Applicable units could seek the cost recovery or include it in their capacity offers, but they couldn’t do both. Howard Haas of Monitoring Analytics, the Independent Market Monitor, outlined a situation in which units that sought the recovery could also clear the auction at a clearing price set by another unit’s bid that includes the upgrade costs.

“From our position, that would be double recovery,” he said.

The Monitor’s proposal argues that units already have opportunities to recover the cost through capacity or energy offers.

“I’ve got good news for you,” he said. “You’re already being compensated.”

CPower’s Bruce Campbell said he would have to review how distributed energy resources are handled in his company’s proposal.

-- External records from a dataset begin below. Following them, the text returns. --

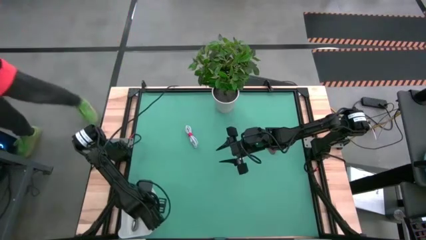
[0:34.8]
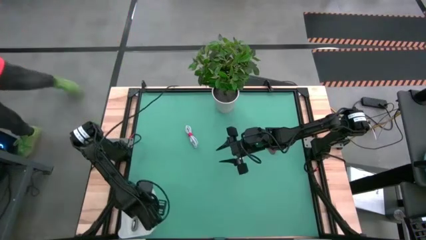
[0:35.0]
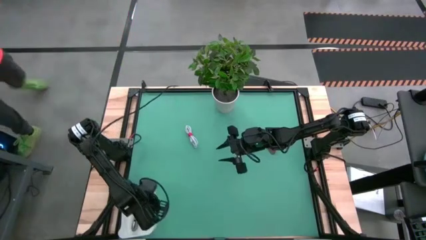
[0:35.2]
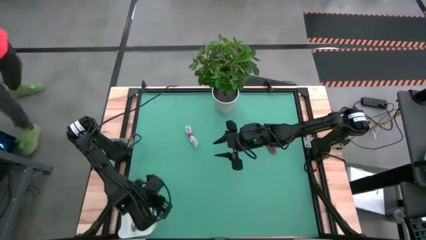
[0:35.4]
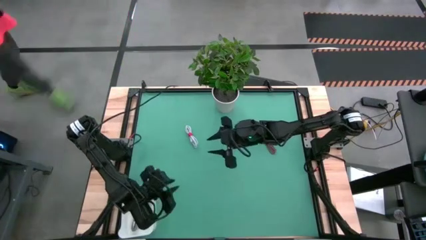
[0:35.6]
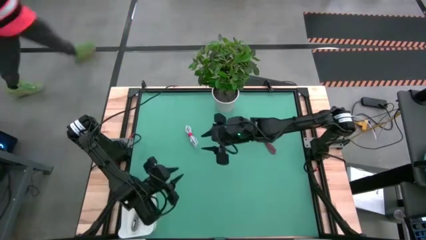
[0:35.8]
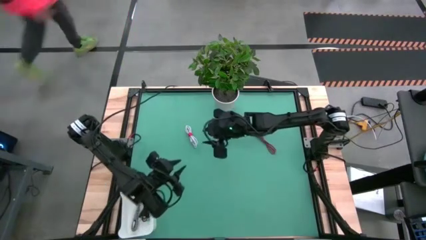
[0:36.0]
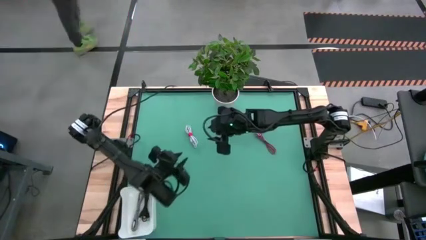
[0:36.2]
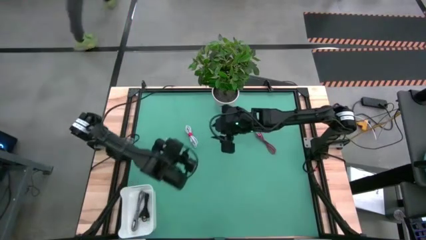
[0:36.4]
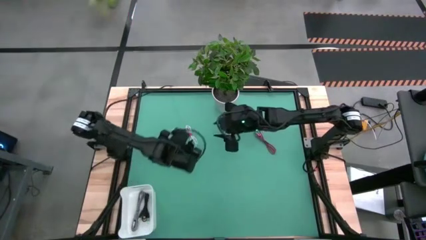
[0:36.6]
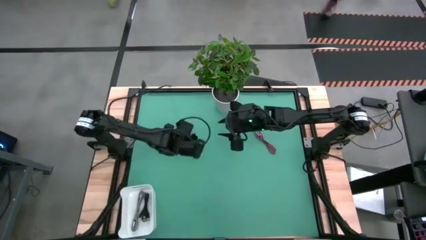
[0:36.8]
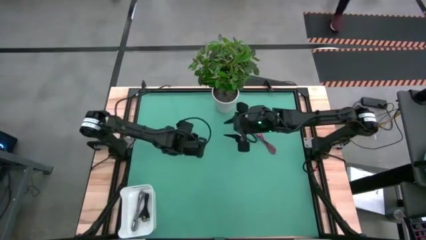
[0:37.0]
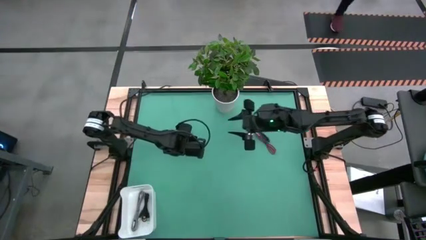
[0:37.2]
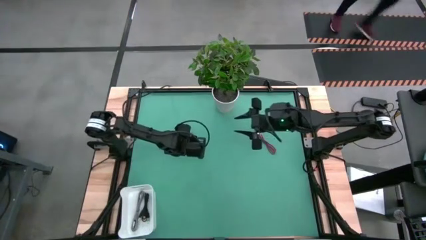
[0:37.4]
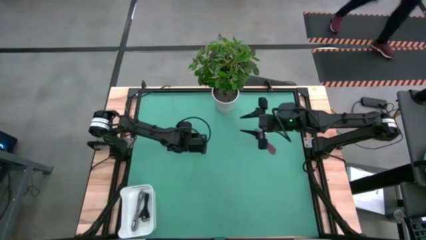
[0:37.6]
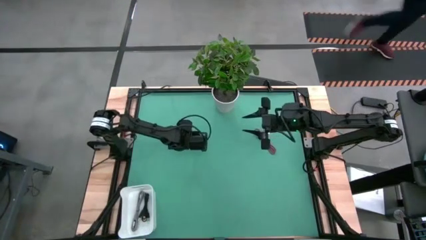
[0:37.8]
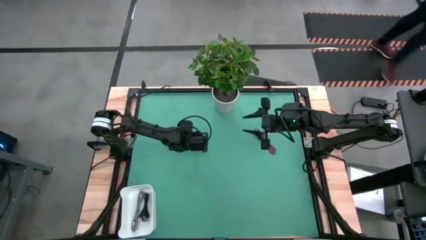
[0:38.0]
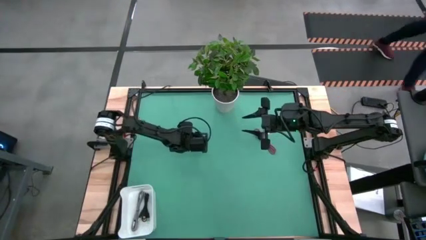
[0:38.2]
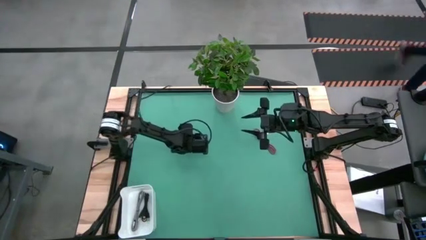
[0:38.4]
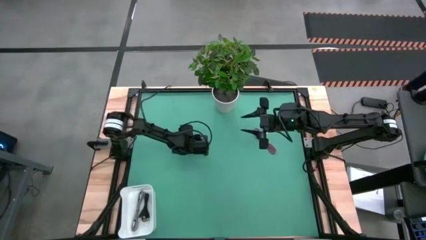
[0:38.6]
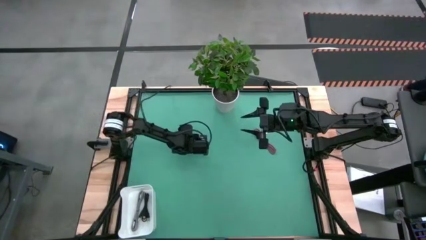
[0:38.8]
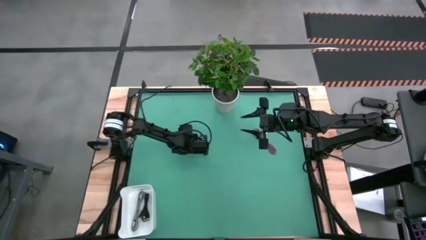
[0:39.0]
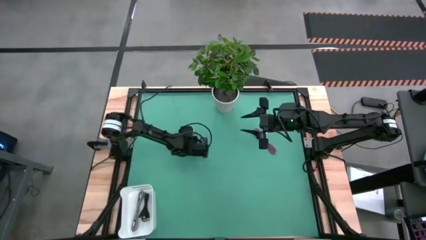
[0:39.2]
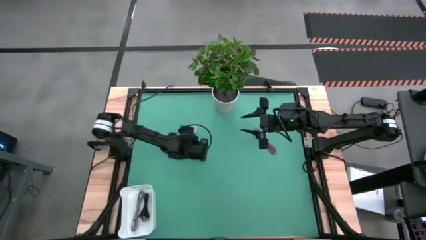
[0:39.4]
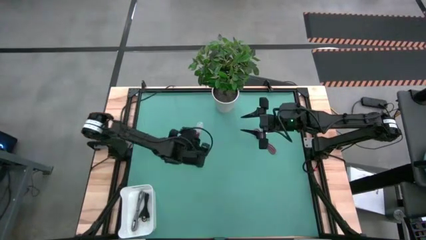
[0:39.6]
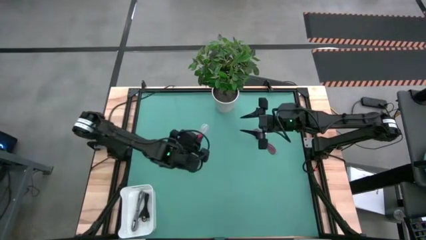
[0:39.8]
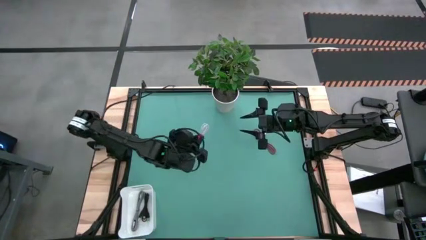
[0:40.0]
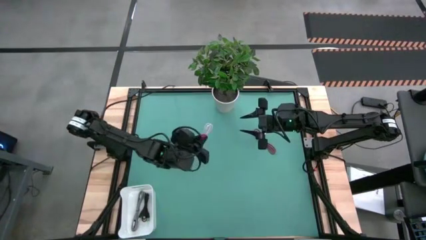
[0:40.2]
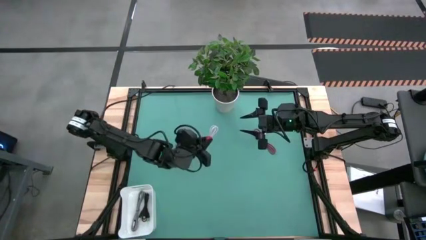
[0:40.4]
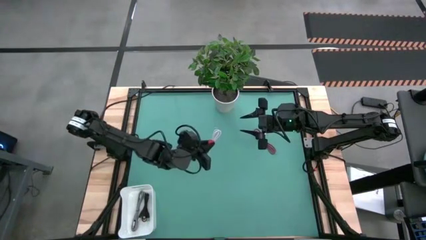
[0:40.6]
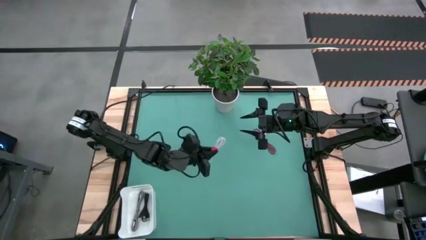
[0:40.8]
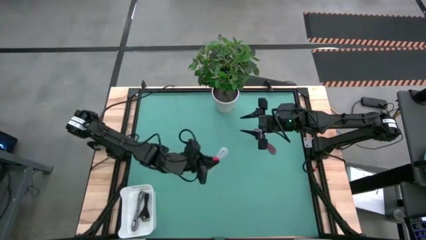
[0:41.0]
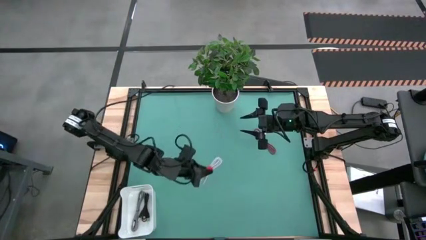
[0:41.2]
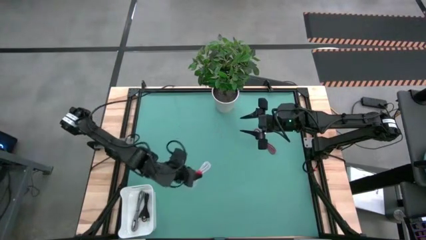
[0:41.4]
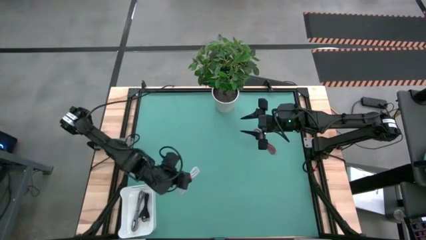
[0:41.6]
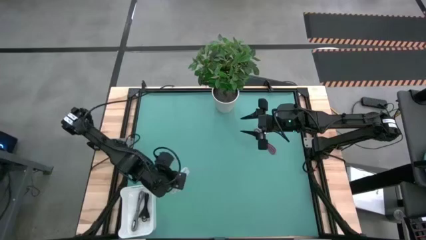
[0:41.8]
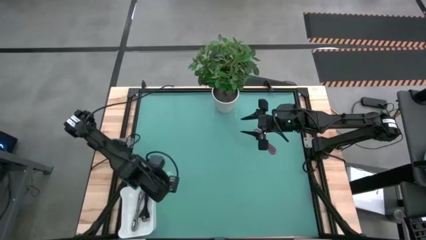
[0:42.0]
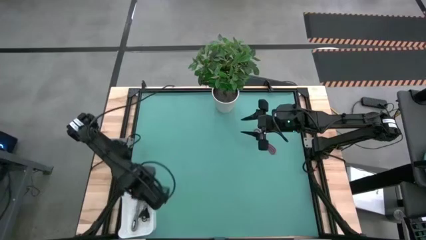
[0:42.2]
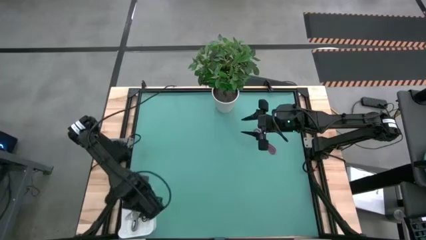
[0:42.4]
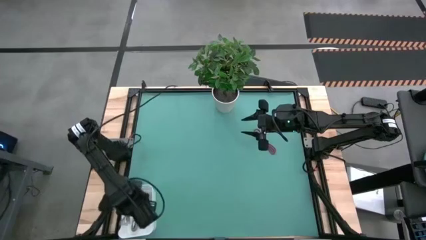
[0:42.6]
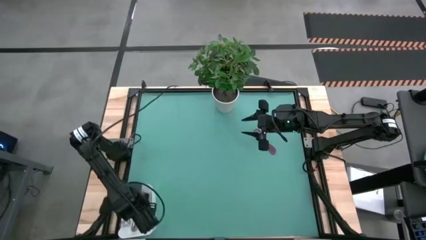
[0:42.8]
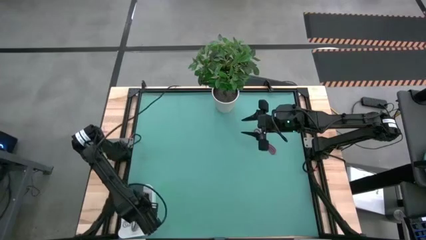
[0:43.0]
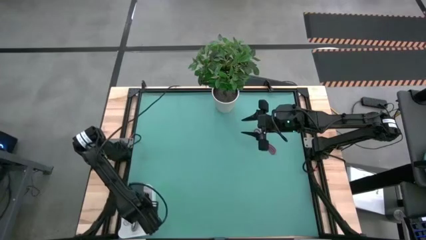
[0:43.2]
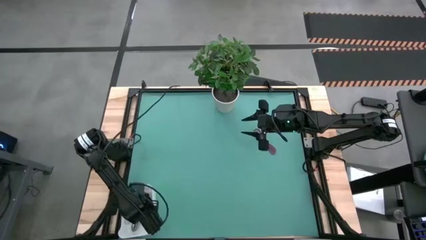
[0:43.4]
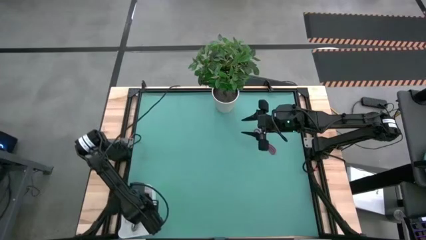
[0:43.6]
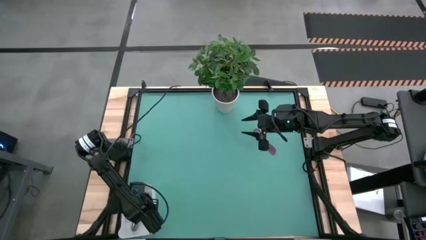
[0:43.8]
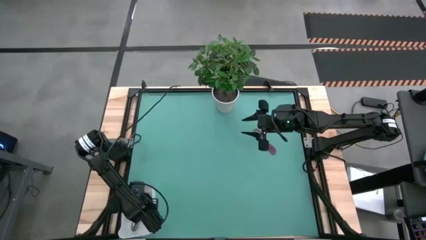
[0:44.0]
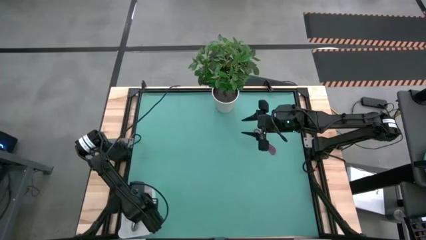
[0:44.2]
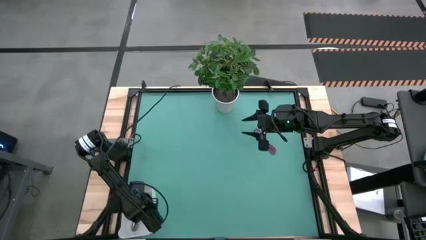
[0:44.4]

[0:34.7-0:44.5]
Task: Pick and place USB-C Cables
Put the white charger cable into the bin

PJM’s proposal also increased its proposed threshold for exempting units, from 10 MW to 20 MW, because the potential benefit from such small units might not outweigh the upgrade costs.

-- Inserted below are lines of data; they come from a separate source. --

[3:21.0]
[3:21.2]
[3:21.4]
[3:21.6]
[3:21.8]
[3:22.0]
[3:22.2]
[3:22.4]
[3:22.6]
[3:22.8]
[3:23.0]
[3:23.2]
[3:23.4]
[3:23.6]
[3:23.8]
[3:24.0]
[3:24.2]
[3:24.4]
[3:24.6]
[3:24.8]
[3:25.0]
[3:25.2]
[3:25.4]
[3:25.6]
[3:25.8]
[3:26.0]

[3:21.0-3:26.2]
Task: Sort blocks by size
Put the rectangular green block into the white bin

Brock Ondayko with American Electric Power disagreed with Haas on whether units could seek recovery. AEP’s proposal would allow units to petition FERC for recovery if they feel they need it and can justify the request. Ondayko said he would consider PJM’s one-time recovery proposal, but he also mentioned concerns about the cost to customers because provision of PFR isn’t a NERC requirement.

PJM FERC frequency response primary frequency response
Boyle | © RTO Insider

PJM’s Glen Boyle said PFR is a requirement for balancing authorities and therefore an “implicit” requirement for resources.

FirstEnergy’s Jim Benchek agreed with other members that PJM’s proposal seemed to be giving some BAs “a free pass.”

“Is this a solution looking for a problem?” he asked.

AEP’s proposal diverged from PJM’s on how performance would be evaluated. Both agreed that the calculation should be a quarterly pass/fail test on whether units provided at least half of the PFR they were expected to provide. AEP suggested a higher deviation and longer duration of frequency outside the deadband settings before performance could be evaluated.

“There should be something there that makes it possible to identify the unit response from the noise,” AEP’s Jim Fletcher said.

Croop | © RTO Insider

PJM’s Danielle Croop said staff would consider rolling that into their proposal.

“If we’re going to put that minimum of five or six events in there … we want to make sure that we’re still able to perform these evaluations on a quarterly basis and that it’s not that we’re sitting around waiting for events to happen,” she said.

Staff noted that in the 2017 operating year, there would have been 14 events that fit AEP’s standards, which wouldn’t allow for the six events per quarter that PJM planned to use for evaluation. AEP proposed evaluating five events each quarter because they would be “more meaningful,” Ondayko said.

AEP also suggested researching the importance of synchronous inertial response and preserving “what we have today because once it’s gone, it’s gone for good,” Fletcher said.

“If you look at interconnections that are losing their synchronous inertial response, like Texas, you’ll find that they have to resort to paying load resources to compensate for the fact that there isn’t enough primary frequency response anymore to cover that deficit, so the operation of the grid becomes more erratic … and the need for primary frequency response goes up, but there’s limited capability,” Ondayko said. “We recommend that this type of concept be considered in the future, at least recognizing the issue of how it impacts restoration.”